# [PROBLEM TO WORK ON]
Look through the records below for the line with "Q: How is the" and the line with "The image shows 36", then return those lines and all lines between, exactly.

# [WORKING DATA]
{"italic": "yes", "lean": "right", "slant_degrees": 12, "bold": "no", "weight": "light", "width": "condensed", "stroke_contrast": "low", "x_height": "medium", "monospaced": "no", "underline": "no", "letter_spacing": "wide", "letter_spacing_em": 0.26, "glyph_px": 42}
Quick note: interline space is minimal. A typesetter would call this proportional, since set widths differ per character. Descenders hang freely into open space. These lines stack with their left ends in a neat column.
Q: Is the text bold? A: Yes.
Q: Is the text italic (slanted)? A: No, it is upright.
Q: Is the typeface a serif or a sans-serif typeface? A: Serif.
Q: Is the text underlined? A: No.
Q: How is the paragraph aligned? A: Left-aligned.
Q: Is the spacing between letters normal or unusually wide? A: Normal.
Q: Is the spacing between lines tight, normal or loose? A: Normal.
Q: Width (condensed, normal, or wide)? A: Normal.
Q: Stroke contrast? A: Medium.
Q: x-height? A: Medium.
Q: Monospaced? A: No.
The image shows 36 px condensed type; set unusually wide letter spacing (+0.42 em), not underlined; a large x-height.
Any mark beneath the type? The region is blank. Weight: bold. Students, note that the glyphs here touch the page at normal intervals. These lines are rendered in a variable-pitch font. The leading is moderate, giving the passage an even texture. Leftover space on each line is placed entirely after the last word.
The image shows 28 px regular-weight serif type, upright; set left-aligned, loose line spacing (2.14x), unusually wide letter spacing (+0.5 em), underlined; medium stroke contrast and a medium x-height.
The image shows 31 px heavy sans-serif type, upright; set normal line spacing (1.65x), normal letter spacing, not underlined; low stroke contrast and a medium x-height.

--

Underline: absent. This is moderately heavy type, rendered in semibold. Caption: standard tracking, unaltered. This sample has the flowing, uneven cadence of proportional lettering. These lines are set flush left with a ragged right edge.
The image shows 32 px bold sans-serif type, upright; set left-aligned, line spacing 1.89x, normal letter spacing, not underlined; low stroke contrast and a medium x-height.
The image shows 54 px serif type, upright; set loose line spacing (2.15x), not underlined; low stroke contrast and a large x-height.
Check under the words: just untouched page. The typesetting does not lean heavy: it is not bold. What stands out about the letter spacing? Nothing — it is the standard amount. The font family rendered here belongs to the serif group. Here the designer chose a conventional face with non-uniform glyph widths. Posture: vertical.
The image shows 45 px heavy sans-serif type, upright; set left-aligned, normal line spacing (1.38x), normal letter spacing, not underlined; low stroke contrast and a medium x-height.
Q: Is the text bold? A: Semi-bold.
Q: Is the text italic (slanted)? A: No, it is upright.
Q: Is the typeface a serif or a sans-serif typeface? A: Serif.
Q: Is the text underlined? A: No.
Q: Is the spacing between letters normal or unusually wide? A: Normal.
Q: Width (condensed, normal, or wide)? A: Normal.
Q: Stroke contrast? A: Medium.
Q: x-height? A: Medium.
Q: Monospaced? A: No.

# [RESULT OF THIS EXERCISE]
Q: How is the paragraph aligned? A: Left-aligned.
Q: Is the spacing between letters normal or unusually wide? A: Normal.
Q: Is the spacing between lines tight, normal or loose? A: Normal.
Q: Width (condensed, normal, or wide)? A: Normal.
Q: Stroke contrast? A: Medium.
Q: x-height? A: Medium.
Q: Monospaced? A: No.
The image shows 36 px condensed type; set unusually wide letter spacing (+0.42 em), not underlined; a large x-height.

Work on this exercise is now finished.